But the new league doesn't have to be a freak show. According to Mr. Moss, players would have 50% equity, 50% share of the profits and a 50% share of the decision-making process.

That sounds better than what we have now, but the 50-50 split of power could still lead to an impasse on important issues-like the salary cap. What the replacement league needs for long-term success is another group that could throw its weight to the players or the owners, depending on what would be in the best interests of baseball.

That group would be composed of baseball fans. I would like the fans' group to own 20% of each team, with management and the players each having 40%. And if employees of United Airlines can buy the company in part by granting wage concessions, why couldn't the fans pay for their share of the baseball teams by assessing themselves a tax on each ticket they buy?

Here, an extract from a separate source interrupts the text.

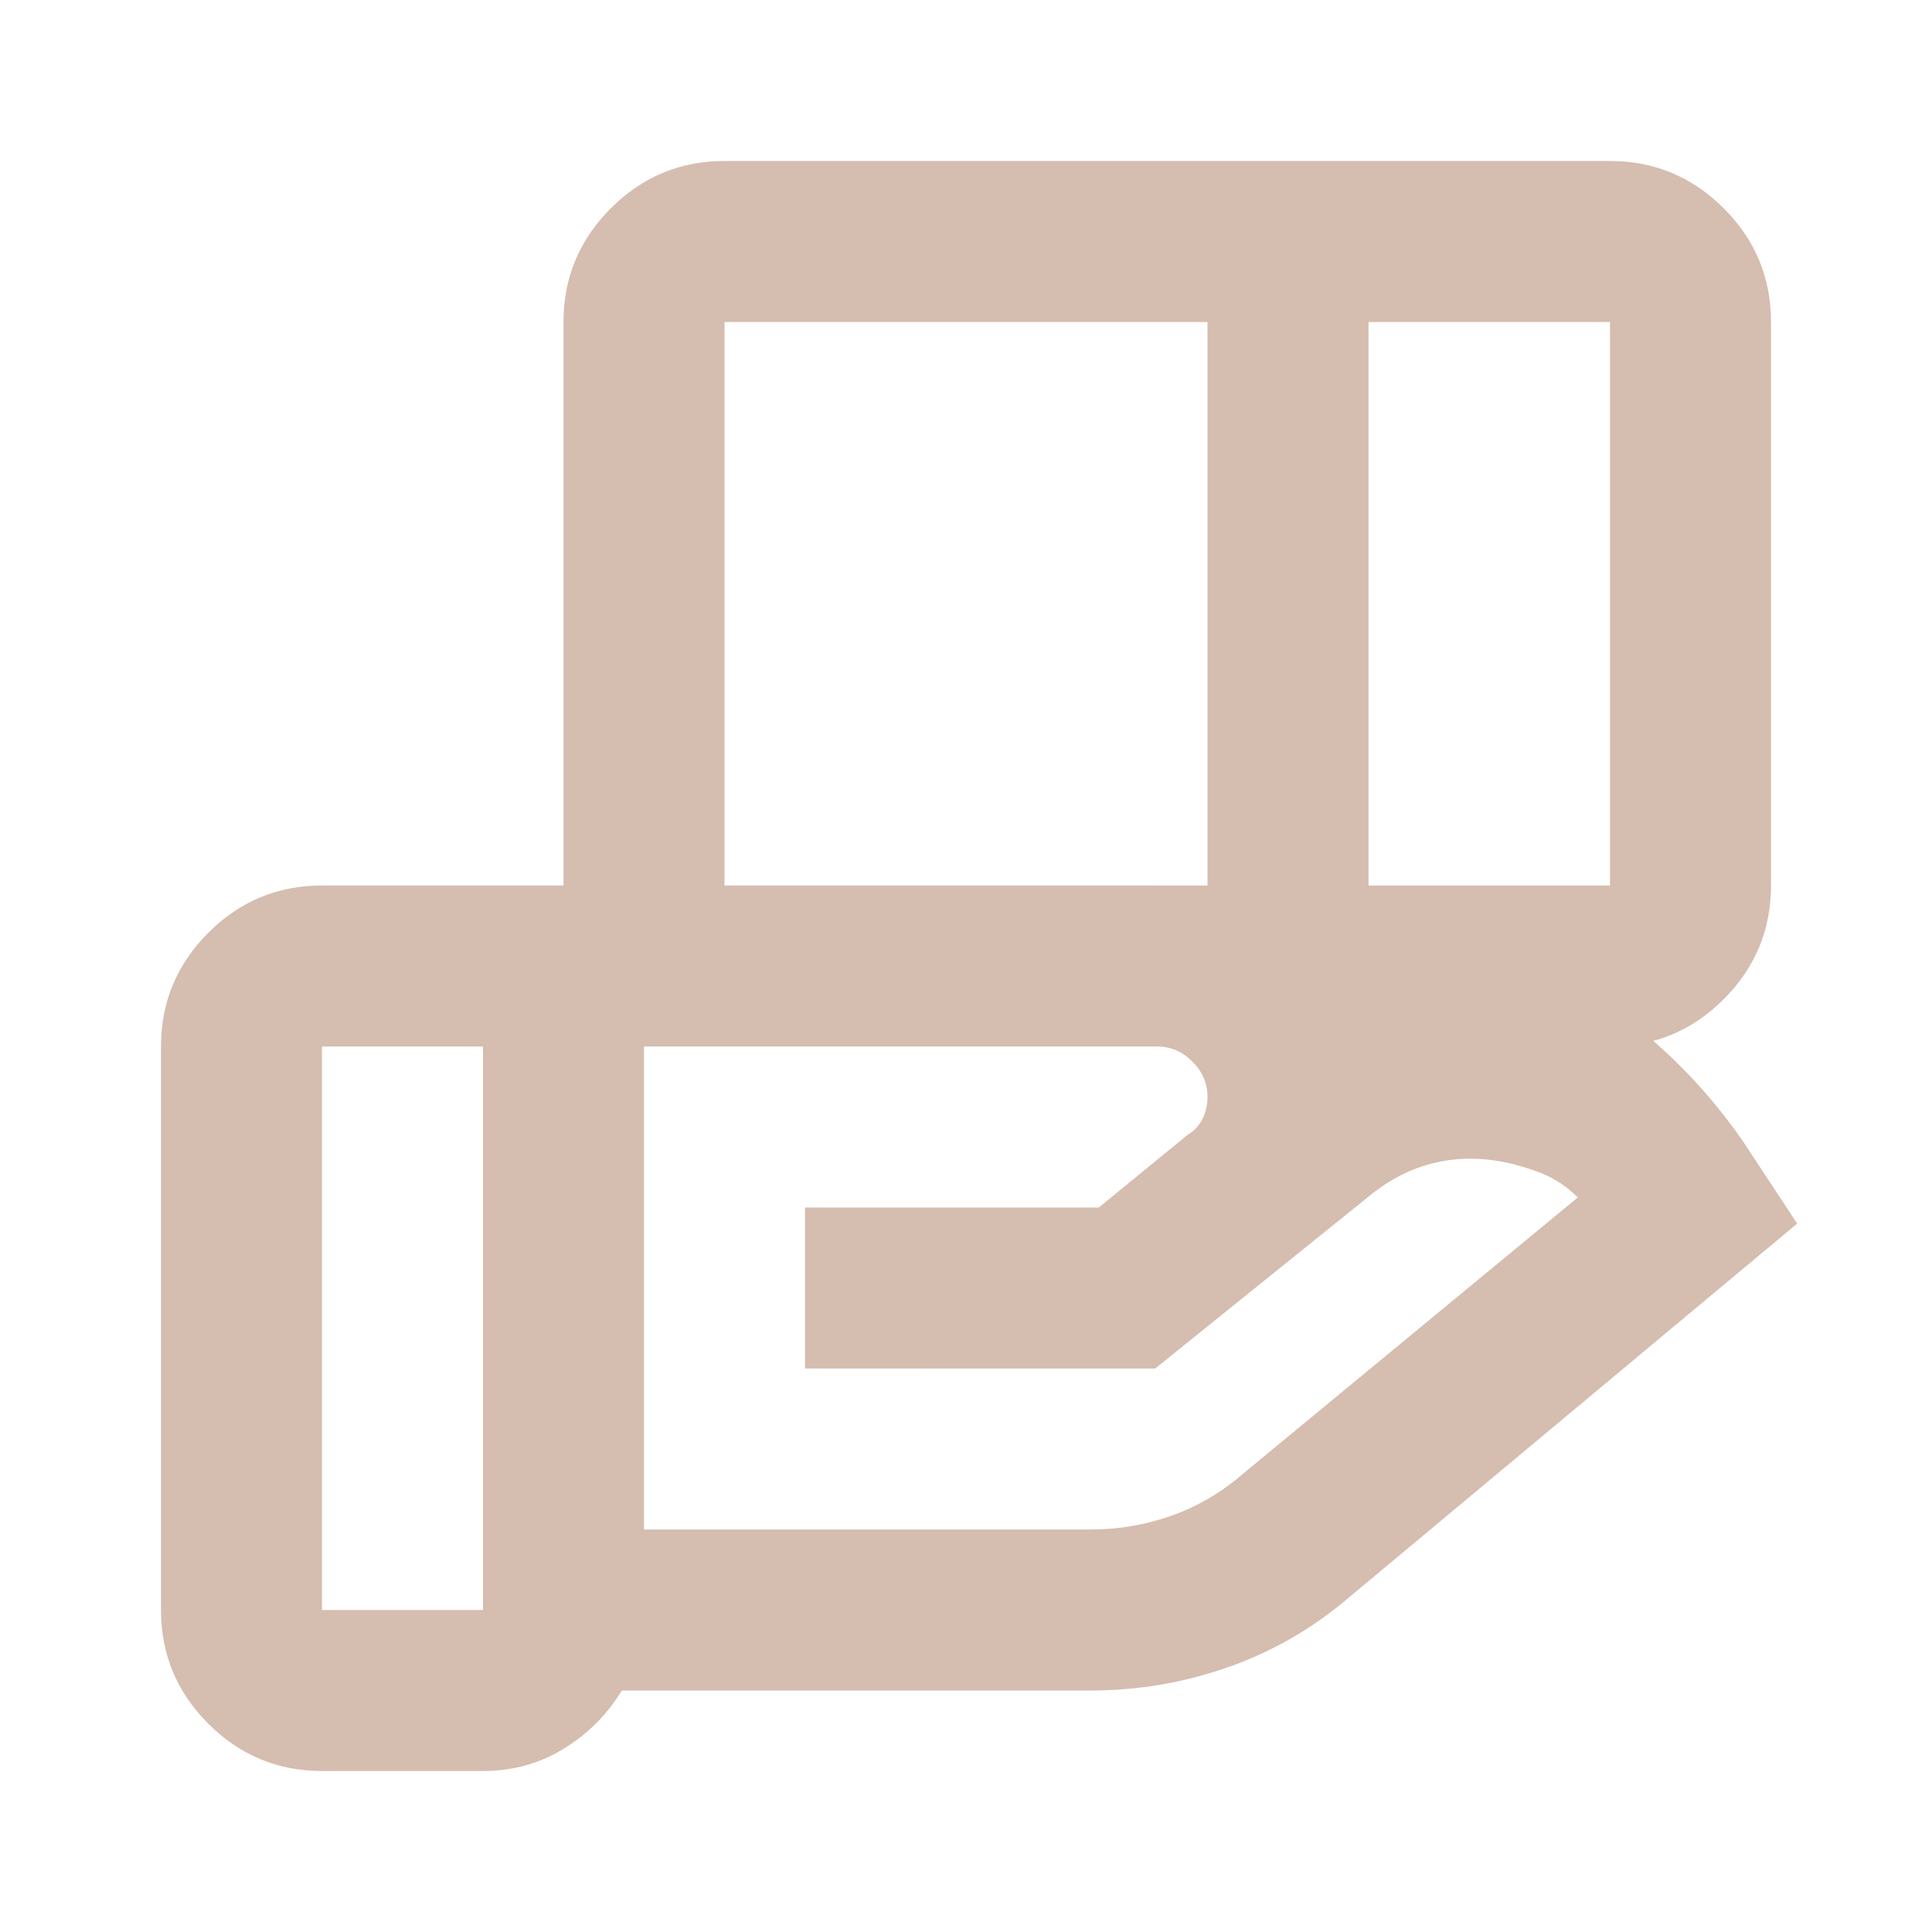 <svg fill="#D5BDAF" width="24px" viewBox="0 -960 960 960" height="24px" xmlns="http://www.w3.org/2000/svg"><path d="M600-800H360v280h240v-280Zm200 0H680v280h120v-280ZM575-440H320v240h222q21 0 40.5-7t35.5-21l166-137q-8-8-18-12t-21-6q-17-3-33 1t-30 15l-108 87H400v-80h146l44-36q5-3 7.5-8t2.5-11q0-10-7.5-17.5T575-440Zm-335 0h-80v280h80v-280Zm40 0v-360q0-33 23.5-56.5T360-880h440q33 0 56.5 23.5T880-800v280q0 33-23.5 56.5T800-440H280ZM240-80h-80q-33 0-56.5-23.5T80-160v-280q0-33 23.5-56.5T160-520h415q85 0 164 29t127 98l27 41-223 186q-27 23-60 34.5T542-120H309q-11 18-29 29t-40 11Z"></path></svg>

As minority owners, with representation on the teams' board of directors, one of the major duties of the fans' group would be to ensure that the new league selected a commissioner who would never allow two warring factions to disrupt the game again.

And who do the fans love more than any other player in any sport? Michael Jordan, that's who, a man who plays the game of baseball with the same zeal and joy he brought to basketball. "I believe in myself and I believe in my dream," he said after a charity basketball game at the Chicago Stadium, attended by 19,000 screaming people. "I will continue to follow my dream."

Michael's dream is now baseball, and through him maybe the flame can be lit again.